Perhaps we won’t be given a sign from above on which university we should go to, or who we should marry, or which job we should accept, but the more we delight ourselves in God the more we will understand him and take on his character. In reality, it doesn’t matter which option you choose. They will all have struggles and trials. Your job will be difficult because you and the people you work with are sinners. Your school will be difficult because, well, university is supposed to be difficult. And while you should use wisdom and counsel from others when choosing a marriage partner, you should know that your marriage, no matter who that “special someone” is, will have its struggles.
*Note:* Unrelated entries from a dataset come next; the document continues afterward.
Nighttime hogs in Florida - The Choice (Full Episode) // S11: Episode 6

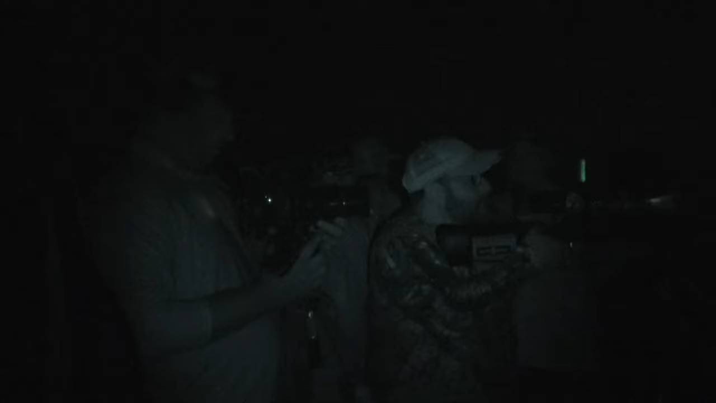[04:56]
I can't believe how far we spotted some of those.
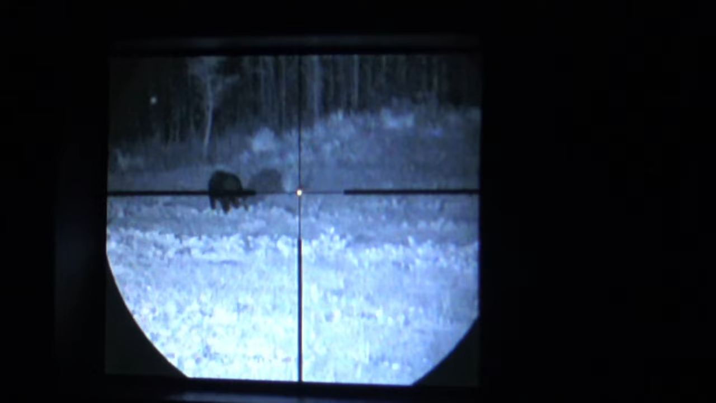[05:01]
We saw my boar at like truthfully 450 to 500 yards away. Yeah.
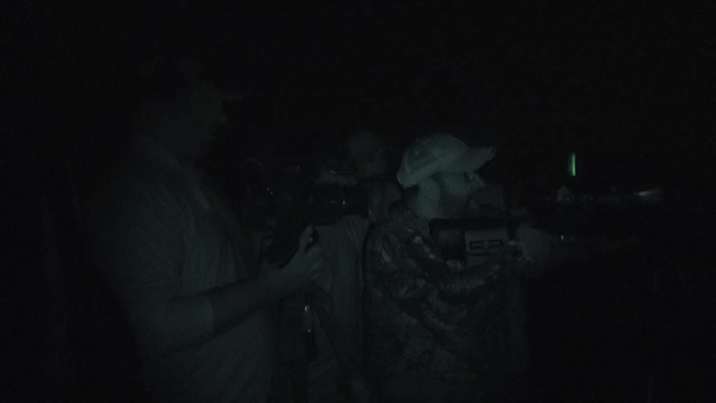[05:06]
I mean, and you could just see the little, you saw them moving. And I mean, with the spotter and the, you can truly make them out. Like you knew, we knew, said, oh, that's a big old boar.
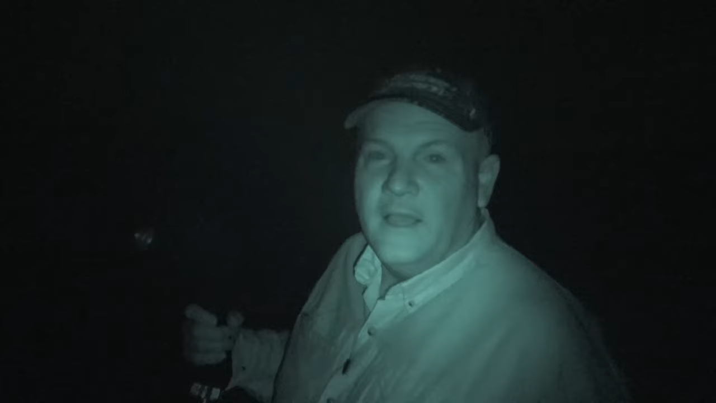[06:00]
We just spotted a hog clear across this pasture.
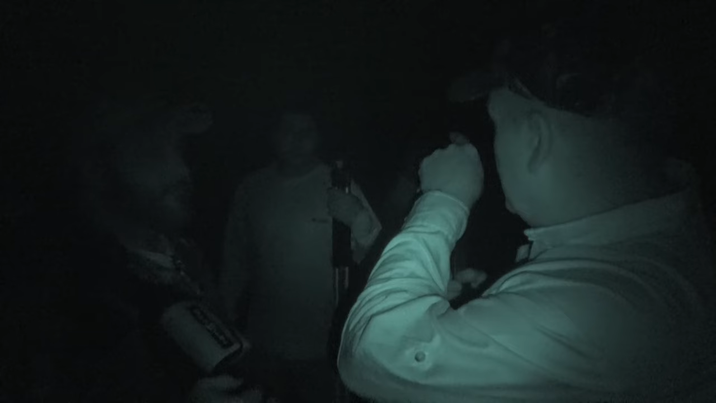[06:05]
I'm looking at the cypress head over there, guessing it's about four or five hundred yards from here.
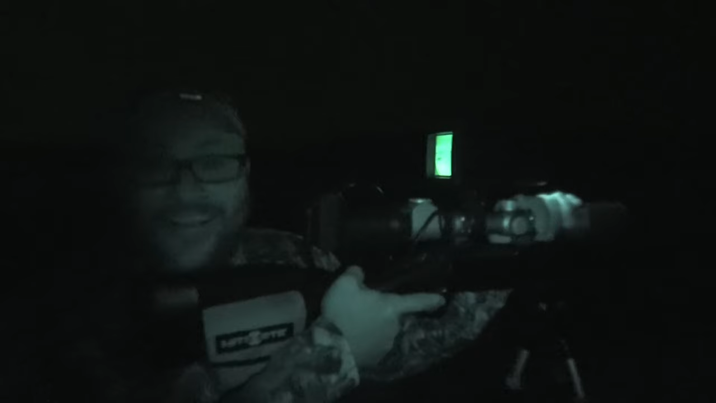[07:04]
This night sight stuff is awesome. Well, we're down here with Hoppy Kemper, Osceola Outfitters, and we're doing something a little different, huh, Hop? Oh, yeah. This is pretty cool. Fun.
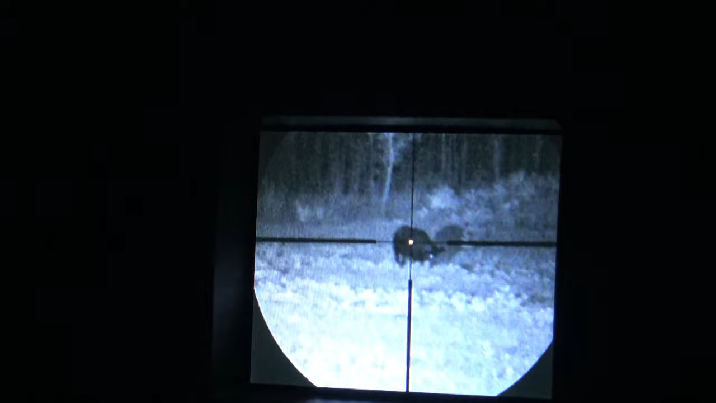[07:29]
No. Good fields. Good fields that are turning them bad. Yes.
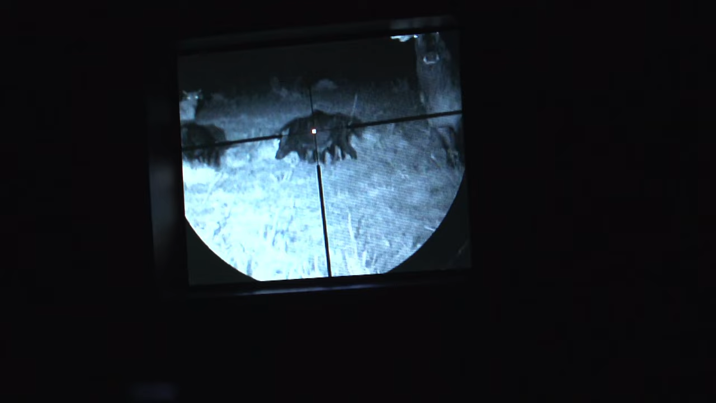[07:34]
And lo and behold, Hoppy said, you know, let's go. We had to get the wind in our favor, and he actually spotted this boar, what would you say?
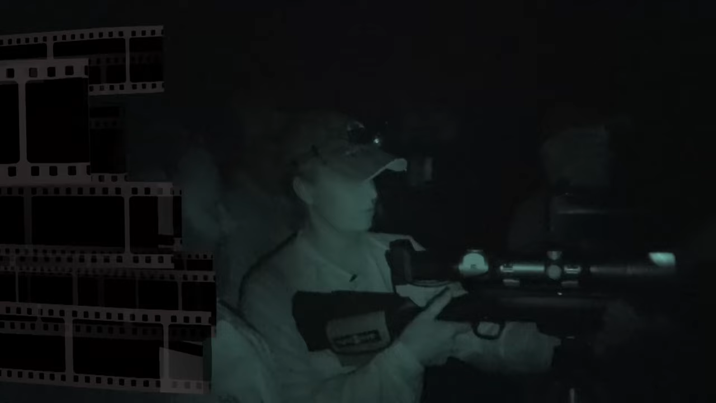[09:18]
Well, it doesn't take long for Hoppy and the crew to find some hogs feeding in a palmetto flat,
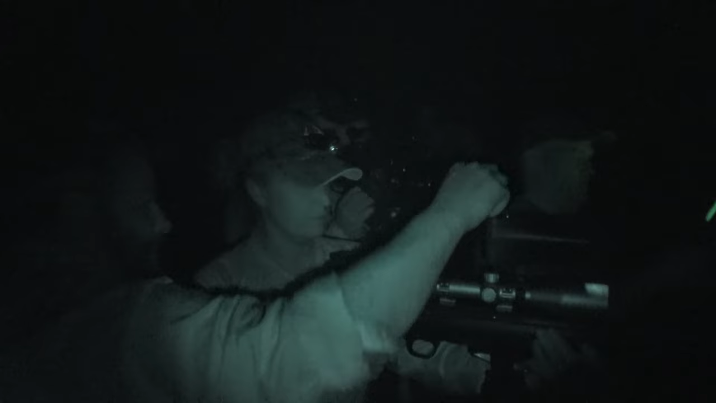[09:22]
and Vicki isn't wasting time getting on the hogs, as she's anxious to try her hand at night vision hunting.
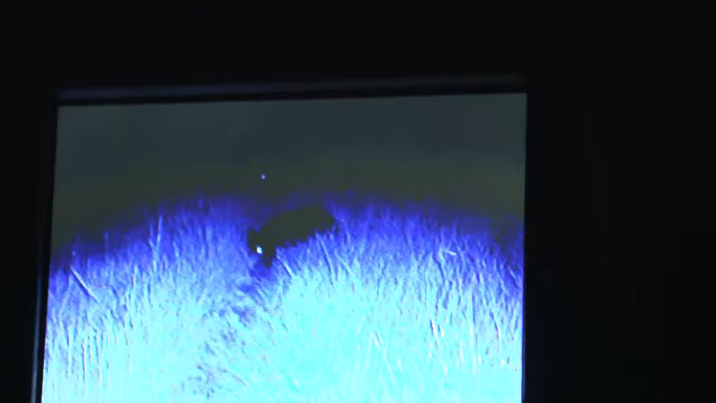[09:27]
How far is he? I wish I knew how far he was.
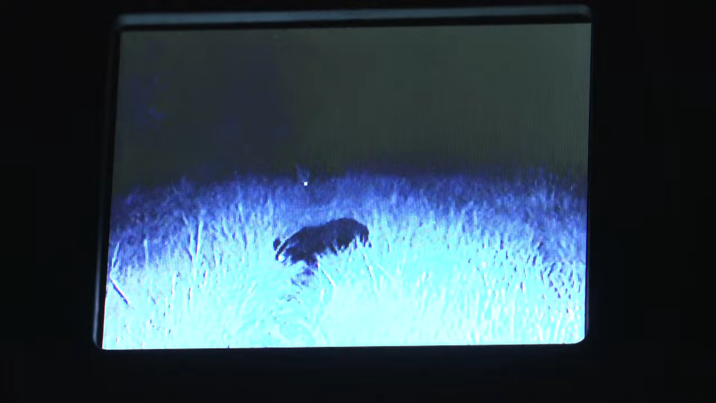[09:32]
That's the hardest thing is judging distance. There's something that adds to that whole adventure when you're hunting at night, huh?
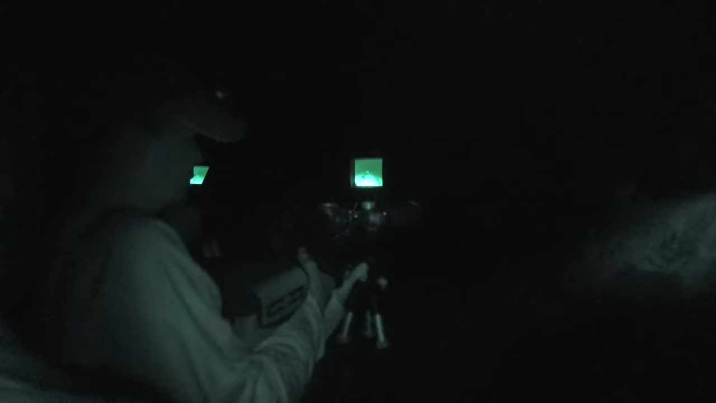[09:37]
Yes. I mean, it was just hard to judge distance,
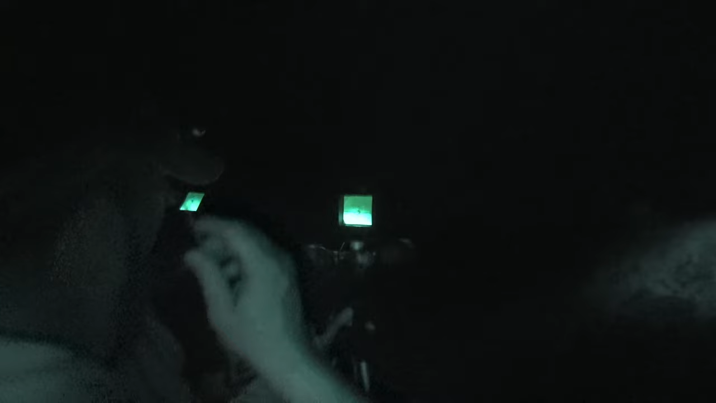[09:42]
because when we were looking through the spotter and the scope with the night sight, you see them.
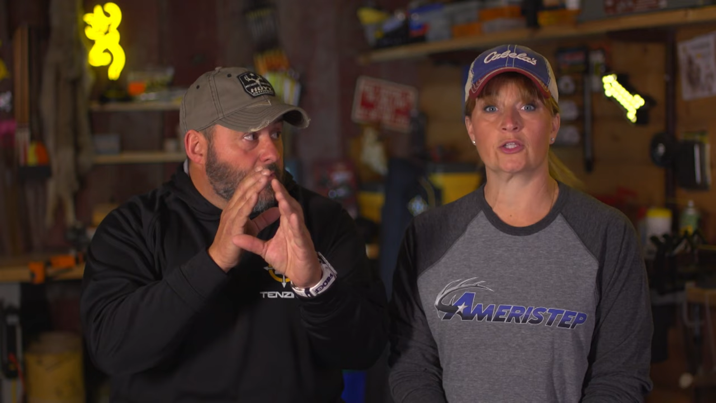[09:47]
And they look like they're right there, but they're not. No, and then when you start getting closer, you don't know how close, and then you realize, holy crap. They're really close. They're 30 yards. Yeah.
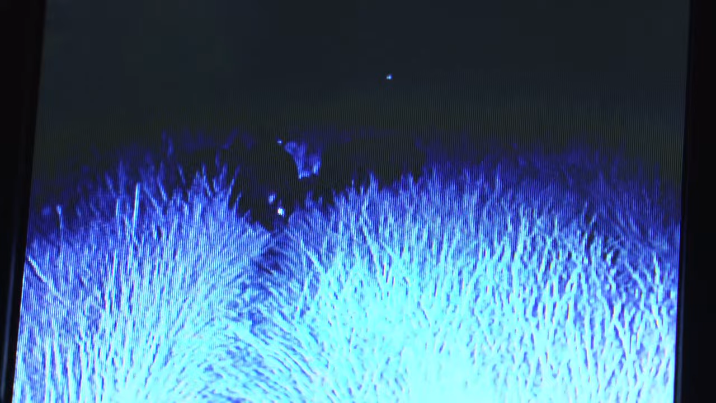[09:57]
That was the part where you would think they were still further away. Yeah. It's not that they were further away and you thought they were closer. They're closer, and it got a little, don't look at me like that. So at one time they look farther away, and then they're closer. Keep up with the conversation. It will all be fine.

But if you delight yourself in the Lord, rather than giving in to sin and either running away from your problems or selfishly fighting against them to have it your way, you can choose to serve others. You can love your spouse, the people you work and learn with, and the schoolwork you do because you believe and you see that God is behind it all. You know that he is shaping you into the image of his Son Jesus Christ who, “when he was reviled, he did not revile in return; when he suffered, he did not threaten, but continued entrusting himself to him who judges justly” (1 Pet 2.23).